Stored dataset items:
►
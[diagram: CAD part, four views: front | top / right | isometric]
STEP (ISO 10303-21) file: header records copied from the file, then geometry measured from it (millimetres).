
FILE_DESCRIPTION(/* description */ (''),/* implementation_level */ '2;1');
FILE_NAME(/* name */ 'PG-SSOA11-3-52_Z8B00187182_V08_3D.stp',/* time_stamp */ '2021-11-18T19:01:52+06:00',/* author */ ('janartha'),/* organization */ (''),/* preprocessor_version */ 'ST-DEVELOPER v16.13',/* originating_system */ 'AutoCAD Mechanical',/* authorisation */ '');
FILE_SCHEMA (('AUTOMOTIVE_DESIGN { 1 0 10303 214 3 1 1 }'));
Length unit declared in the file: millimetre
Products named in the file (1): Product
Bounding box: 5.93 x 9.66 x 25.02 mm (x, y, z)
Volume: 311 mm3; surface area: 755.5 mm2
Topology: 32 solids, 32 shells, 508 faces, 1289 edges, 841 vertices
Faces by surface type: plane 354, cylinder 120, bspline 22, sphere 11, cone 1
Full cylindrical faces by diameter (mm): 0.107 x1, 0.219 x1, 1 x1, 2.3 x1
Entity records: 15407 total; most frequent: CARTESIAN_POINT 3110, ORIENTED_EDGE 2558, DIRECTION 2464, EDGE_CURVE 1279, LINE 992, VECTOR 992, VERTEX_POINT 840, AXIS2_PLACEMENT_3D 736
◄
►
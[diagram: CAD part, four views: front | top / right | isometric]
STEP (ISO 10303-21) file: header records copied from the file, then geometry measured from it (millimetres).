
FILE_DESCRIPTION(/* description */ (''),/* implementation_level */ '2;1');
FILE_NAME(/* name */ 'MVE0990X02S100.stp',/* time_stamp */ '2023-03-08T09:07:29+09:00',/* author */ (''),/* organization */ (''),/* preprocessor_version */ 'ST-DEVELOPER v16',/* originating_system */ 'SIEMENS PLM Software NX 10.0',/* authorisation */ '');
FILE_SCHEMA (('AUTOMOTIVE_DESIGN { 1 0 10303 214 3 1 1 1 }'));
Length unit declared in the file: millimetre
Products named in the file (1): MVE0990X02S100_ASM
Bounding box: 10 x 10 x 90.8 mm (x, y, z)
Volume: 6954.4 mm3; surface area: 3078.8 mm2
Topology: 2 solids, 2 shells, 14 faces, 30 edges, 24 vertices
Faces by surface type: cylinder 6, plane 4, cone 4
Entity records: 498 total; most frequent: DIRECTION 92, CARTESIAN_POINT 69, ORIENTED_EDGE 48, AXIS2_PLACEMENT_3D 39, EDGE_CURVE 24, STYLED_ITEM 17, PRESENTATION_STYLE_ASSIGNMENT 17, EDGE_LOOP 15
◄
►
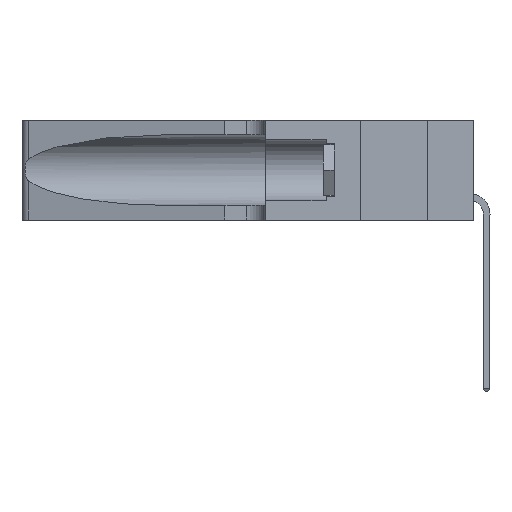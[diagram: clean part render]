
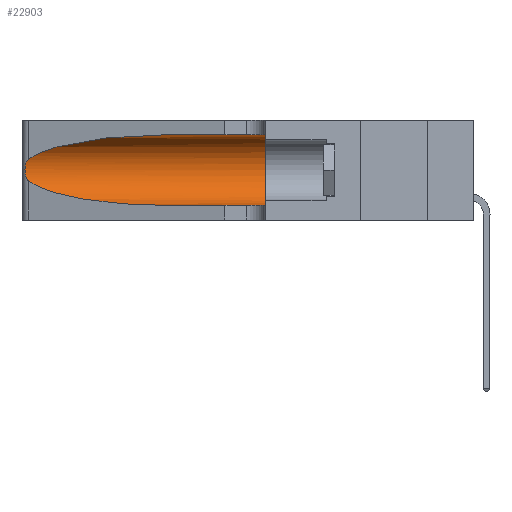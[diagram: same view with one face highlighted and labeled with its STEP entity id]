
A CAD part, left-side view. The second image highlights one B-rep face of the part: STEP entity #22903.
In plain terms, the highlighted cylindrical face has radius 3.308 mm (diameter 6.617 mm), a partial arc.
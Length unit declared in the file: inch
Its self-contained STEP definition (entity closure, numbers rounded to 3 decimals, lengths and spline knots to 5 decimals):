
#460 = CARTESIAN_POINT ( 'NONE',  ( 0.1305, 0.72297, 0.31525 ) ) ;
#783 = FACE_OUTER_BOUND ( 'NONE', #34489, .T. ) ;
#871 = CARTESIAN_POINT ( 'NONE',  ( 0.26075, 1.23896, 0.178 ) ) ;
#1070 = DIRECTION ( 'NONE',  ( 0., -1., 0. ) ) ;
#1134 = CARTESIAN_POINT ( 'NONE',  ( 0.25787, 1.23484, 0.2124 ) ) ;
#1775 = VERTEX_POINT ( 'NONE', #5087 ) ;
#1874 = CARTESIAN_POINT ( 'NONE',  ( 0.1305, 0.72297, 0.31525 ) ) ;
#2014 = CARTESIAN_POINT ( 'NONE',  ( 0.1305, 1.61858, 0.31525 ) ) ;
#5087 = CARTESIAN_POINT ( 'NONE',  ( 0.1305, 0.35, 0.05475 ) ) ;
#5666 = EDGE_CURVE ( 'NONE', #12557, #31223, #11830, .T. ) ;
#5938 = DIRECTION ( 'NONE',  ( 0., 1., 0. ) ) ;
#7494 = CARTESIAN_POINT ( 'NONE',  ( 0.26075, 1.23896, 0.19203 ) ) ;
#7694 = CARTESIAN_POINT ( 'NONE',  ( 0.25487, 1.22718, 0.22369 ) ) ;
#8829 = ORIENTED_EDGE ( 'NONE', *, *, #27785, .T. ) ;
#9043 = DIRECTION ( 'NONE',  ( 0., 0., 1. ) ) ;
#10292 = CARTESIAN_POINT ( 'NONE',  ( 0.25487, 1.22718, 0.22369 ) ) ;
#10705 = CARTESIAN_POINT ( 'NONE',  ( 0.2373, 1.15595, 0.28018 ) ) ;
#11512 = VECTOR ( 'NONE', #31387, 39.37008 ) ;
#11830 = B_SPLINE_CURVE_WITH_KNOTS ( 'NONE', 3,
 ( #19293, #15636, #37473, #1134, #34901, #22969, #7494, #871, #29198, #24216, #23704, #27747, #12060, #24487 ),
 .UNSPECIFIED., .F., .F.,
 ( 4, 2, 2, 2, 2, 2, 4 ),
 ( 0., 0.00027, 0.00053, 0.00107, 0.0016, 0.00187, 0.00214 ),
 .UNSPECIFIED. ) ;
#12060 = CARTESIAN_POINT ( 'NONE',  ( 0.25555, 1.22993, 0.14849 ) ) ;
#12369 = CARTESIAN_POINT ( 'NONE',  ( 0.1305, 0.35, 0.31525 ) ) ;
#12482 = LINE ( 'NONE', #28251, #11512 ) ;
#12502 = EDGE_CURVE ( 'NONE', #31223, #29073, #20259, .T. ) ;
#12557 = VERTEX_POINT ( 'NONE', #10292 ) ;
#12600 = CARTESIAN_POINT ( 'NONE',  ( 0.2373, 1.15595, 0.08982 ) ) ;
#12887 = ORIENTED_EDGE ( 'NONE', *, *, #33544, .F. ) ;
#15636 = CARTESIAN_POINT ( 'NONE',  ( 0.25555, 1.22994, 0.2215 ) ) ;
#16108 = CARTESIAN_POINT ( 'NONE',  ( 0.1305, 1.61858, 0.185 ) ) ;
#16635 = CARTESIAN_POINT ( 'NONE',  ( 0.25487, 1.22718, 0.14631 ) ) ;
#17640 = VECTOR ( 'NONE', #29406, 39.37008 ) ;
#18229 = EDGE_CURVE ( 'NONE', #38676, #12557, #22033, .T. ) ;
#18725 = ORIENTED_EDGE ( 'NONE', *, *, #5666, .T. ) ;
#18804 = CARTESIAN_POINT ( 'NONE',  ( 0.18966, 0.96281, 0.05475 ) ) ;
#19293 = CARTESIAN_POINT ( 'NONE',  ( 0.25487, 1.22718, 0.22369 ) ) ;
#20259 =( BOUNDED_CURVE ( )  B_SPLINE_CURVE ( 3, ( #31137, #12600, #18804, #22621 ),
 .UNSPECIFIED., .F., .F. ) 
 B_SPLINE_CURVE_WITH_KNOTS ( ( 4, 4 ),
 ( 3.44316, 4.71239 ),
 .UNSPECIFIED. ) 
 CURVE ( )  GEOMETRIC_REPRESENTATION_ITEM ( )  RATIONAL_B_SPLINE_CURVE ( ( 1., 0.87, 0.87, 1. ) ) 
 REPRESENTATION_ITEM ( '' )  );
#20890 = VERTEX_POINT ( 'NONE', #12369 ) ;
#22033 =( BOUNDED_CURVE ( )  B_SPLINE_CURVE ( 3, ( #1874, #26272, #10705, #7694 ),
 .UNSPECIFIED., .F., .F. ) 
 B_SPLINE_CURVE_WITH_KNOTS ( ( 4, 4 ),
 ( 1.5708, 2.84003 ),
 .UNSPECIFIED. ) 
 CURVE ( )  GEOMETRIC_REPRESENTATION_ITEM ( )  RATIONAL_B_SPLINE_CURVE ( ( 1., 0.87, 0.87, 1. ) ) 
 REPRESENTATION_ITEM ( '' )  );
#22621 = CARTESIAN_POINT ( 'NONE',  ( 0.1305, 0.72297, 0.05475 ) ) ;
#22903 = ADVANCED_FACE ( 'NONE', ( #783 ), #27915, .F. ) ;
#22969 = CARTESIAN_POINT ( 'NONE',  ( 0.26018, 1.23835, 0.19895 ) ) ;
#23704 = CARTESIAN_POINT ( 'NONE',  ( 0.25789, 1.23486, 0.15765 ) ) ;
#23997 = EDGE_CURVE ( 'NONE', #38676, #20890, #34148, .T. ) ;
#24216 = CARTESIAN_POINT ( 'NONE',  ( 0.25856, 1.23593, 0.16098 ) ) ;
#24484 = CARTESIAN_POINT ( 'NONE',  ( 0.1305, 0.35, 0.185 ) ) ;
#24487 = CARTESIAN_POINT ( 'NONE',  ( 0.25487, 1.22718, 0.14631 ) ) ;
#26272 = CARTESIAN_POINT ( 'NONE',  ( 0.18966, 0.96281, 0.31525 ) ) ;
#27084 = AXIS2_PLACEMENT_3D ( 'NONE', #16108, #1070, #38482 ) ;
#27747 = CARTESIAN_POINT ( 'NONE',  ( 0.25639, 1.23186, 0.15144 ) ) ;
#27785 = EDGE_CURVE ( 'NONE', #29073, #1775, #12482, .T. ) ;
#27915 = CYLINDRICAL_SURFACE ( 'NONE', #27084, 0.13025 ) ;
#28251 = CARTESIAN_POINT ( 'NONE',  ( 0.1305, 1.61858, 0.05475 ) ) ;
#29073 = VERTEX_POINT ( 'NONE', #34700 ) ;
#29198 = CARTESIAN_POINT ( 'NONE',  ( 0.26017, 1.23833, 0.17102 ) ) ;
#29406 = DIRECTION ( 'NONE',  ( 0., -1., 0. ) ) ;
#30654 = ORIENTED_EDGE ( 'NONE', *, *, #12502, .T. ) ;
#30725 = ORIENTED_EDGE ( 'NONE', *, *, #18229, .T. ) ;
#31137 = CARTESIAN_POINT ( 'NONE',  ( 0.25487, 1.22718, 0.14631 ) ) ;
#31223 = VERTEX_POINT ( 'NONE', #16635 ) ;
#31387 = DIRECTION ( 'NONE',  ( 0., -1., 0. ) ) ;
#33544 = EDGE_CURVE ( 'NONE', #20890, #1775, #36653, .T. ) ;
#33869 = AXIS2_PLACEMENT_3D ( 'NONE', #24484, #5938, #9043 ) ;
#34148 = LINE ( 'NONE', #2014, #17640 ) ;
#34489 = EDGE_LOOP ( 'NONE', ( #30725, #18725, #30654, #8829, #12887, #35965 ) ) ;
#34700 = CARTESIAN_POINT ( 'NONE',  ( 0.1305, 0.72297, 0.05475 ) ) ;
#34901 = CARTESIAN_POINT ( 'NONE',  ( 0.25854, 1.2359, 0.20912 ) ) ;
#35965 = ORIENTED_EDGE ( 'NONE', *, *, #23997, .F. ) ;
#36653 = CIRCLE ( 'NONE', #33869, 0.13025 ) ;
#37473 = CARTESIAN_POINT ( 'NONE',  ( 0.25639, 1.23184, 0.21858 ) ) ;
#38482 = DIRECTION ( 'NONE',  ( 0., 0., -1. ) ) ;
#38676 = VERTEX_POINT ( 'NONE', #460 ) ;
◄
TASK ITEM: Using the records above, repeat exactly the run of lines that starts with the line with "[diagram: clean part render]" and goes on through the line with "Length unit declared in the file: inch"; omit each picture.

WRITTEN RESPONSE:
[diagram: clean part render]
[diagram: same view with one face highlighted and labeled with its STEP entity id]
A CAD part, left-side view. The second image highlights one B-rep face of the part: STEP entity #22903.
In plain terms, the highlighted cylindrical face has radius 3.308 mm (diameter 6.617 mm), a partial arc.
Length unit declared in the file: inch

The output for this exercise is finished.